[Items listed in a dataset]
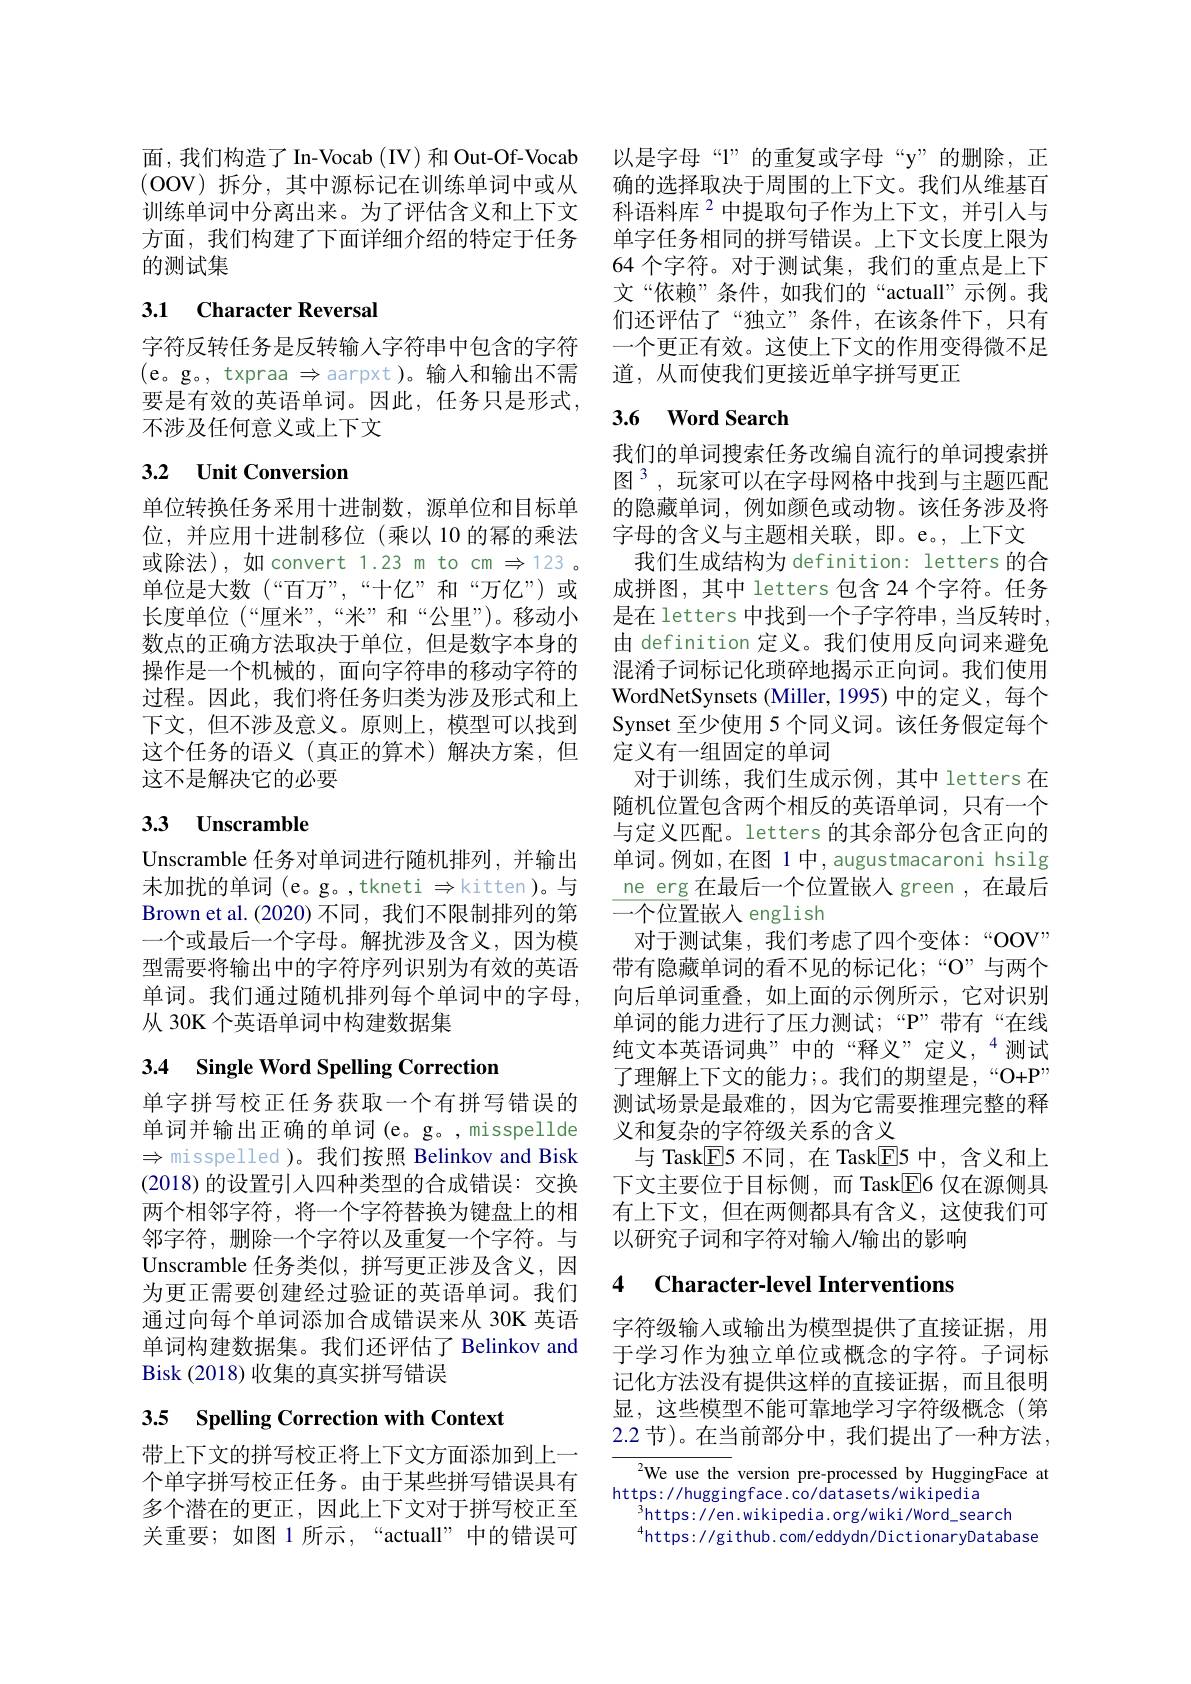
面，我们构造了In-Vocab (IV)和 Out-Of-Vocab 以是字母“l”的重复或字母“y”的删除，正(OOV)拆分，其中源标记在训练单词中或从 确的选择取决于周围的上下文。我们从维基百训练单词中分离出来。为了评估含义和上下文 科语料库$^{2}$中提取句子作为上下文，并引人与方面，我们构建了下面详细介绍的特定于任务 单字任务相同的拼写错误。上下文长度上限为的测试集

# 3.1 Character Reversal

字符反转任务是反转输入字符串中包含的字符(e。g。, txpraa $\Rightarrow$aarpxt)。输入和输出不需要是有效的英语单词。因此，任务只是形式， 不涉及任何意义或上下文

## 3.2 Unit Conversion

单位转换任务采用十进制数，源单位和目标单
位，并应用十进制移位(乘以 10 的幂的乘法 字母的含义与主题相关联，即。e。,上下文
或除法),如convert 1.23 m to cm $\Rightarrow123$ 。
单位是大数 (“百万”,“十亿”和“万亿”)或 成拼图，其中 letters 包含 24 个字符。任务长度单位 (“厘米”,“米”和“公里”)。移动小 是在 letters 中找到一个子字符串，当反转时， 数点的正确方法取决于单位，但是数字本身的操作是一个机械的，面向字符串的移动字符的过程。因此，我们将任务归类为涉及形式和上下文，但不涉及意义。原则上，模型可以找到这个任务的语义(真正的算术)解决方案，但这不是解决它的必要

# 3.3 Unscramble

Unscramble 任务对单词进行随机排列，并输出末加扰的单词 (e。g。,tkneti $\Rightarrow$kitten)。与Brown et al.(2020) 不同，我们不限制排列的第一个或最后一个字母。解扰涉及含义，因为模型需要将输出中的字符序列识别为有效的英语单词。我们通过随机排列每个单词中的字母， 从 30K 个英语单词中构建数据集

# 3.4 Single Word Spelling Correction

单字拼写校正任务获取一个有拼写错误的单词并输出正确的单词(e。g。,misspellde $\Rightarrow$misspelled )。我们按照 Belinkov and Bisk (2018)的设置引入四种类型的合成错误：交换两个相邻字符，将一个字符替换为键盘上的相邻字符，删除一个字符以及重复一个字符。与Unscramble 任务类似，拼写更正涉及含义，因为更正需要创建经过验证的英语单词。我们通过向每个单词添加合成错误来从 30K 英语单词构建数据集。我们还评估了 Belinkov and Bisk (2018)收集的真实拼写错误

# 3.5 Spelling Correction with Context

带上下文的拼写校正将上下文方面添加到上一个单字拼写校正任务。由于某些拼写错误具有多个潜在的更正，因此上下文对于拼写校正至关重要；如图 1 所示，“actuall”中的错误可

64 个字符。对于测试集，我们的重点是上下文“依赖”条件，如我们的“actuall”示例。我们还评估了“独立”条件，在该条件下，只有一个更正有效。这使上下文的作用变得微不足道，从而使我们更接近单字拼写更正

### 3.6 $\mathbf{WordSearch}$

我们的单词搜索任务改编自流行的单词搜索拼图$^{3}$,玩家可以在字母网格中找到与主题匹配的隐藏单词，例如颜色或动物。该任务涉及将我们生成结构为 definition: letters 的合由 definition 定义。我们使用反向词来避免混淆子词标记化琐碎地揭示正向词。我们使用WordNetSynsets (Miller, 1995) 中的定义，每个Synset 至少使用 5 个同义词。该任务假定每个定义有一组固定的单词
对于训练，我们生成示例，其中 letters 在随机位置包含两个相反的英语单词，只有一个与定义匹配。letters 的其余部分包含正向的单词。例如，在图 1 中，augustmacaroni hsilg ne erg 在最后一个位置嵌入 green ,在最后一个位置嵌入 english
对于测试集，我们考虑了四个变体：“OOV” 带有隐藏单词的看不见的标记化；“O”与两个向后单词重叠，如上面的示例所示，它对识别单词的能力进行了压力测试；“P”带有“在线纯文本英语词典”中的“释义”定义，$^{4}$测试了理解上下文的能力；。我们的期望是，“O+P” 测试场景是最难的，因为它需要推理完整的释义和复杂的字符级关系的含义
与 Task$\boxed{\mathrm{E}}$5 不同，在 Task$\boxed{\mathrm{E}}$5 中，含义和上下文主要位于目标侧，而 Task$\boxed{\mathrm{E}}$6 仅在源侧具有上下文，但在两侧都具有含义，这使我们可以研究子词和字符对输入/输出的影响

# 4 Character-level Interventions

字符级输入或输出为模型提供了直接证据，用于学习作为独立单位或概念的字符。子词标记化方法没有提供这样的直接证据，而且很明显，这些模型不能可靠地学习字符级概念(第2.2 节)。在当前部分中，我们提出了一种方法，

${{^2}}$We use the version pre-processed by HuggingFace at
https: / / huggingf ace. co/ datasets/ wikipedi a
$^3$https://en.wikipedia.org/wiki/Word\_search
$^{4}$https://github.com/eddydn/DictionaryDatabase
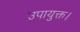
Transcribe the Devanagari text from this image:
उपायुक्त।
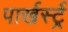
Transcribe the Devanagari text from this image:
पार्खर्स्ट्र
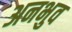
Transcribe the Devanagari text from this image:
अनभुव
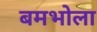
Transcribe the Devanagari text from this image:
बमभोला
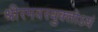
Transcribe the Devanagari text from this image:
श्रीरमवरयुक्‍तोऽयं
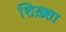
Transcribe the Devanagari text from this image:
शिख़्शा
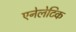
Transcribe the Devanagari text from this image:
एनेलेटिक
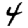
Digit: 4
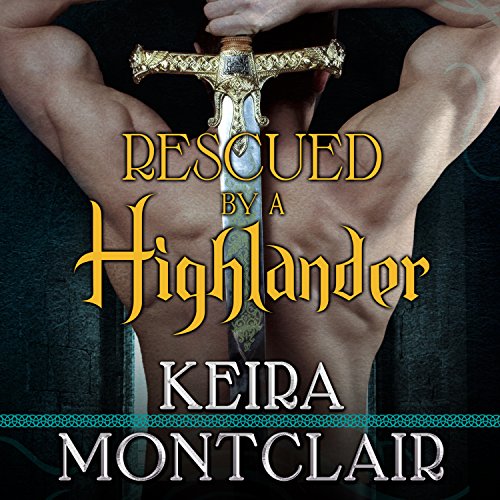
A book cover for Rescued by a Highlander: Clan Grant, Book 1; Keira Montclair; Romance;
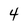
Character: 4
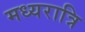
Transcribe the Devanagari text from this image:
मध्‍यरात्रि
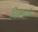
ધિરનારા
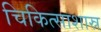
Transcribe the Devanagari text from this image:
चिकित्साशास्र
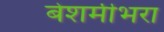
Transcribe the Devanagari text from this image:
बेशर्मीभरा
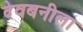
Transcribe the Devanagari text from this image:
देवबनीला
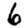
Digit: 6
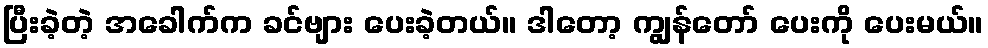
ပြီးခဲ့တဲ့ အခေါက်က ခင်ဗျား ပေးခဲ့တယ်။ ဒါတော့ ကျွန်တော် ပေးကို ပေးမယ်။

__PROBLEM REQUIREMENTS__. Filter the records above and return every line that holds the word "对于测试集".

__RESULT OF THIS EXERCISE__.
64 个字符。对于测试集，我们的重点是上下文“依赖”条件，如我们的“actuall”示例。我们还评估了“独立”条件，在该条件下，只有一个更正有效。这使上下文的作用变得微不足道，从而使我们更接近单字拼写更正
对于测试集，我们考虑了四个变体：“OOV” 带有隐藏单词的看不见的标记化；“O”与两个向后单词重叠，如上面的示例所示，它对识别单词的能力进行了压力测试；“P”带有“在线纯文本英语词典”中的“释义”定义，$^{4}$测试了理解上下文的能力；。我们的期望是，“O+P” 测试场景是最难的，因为它需要推理完整的释义和复杂的字符级关系的含义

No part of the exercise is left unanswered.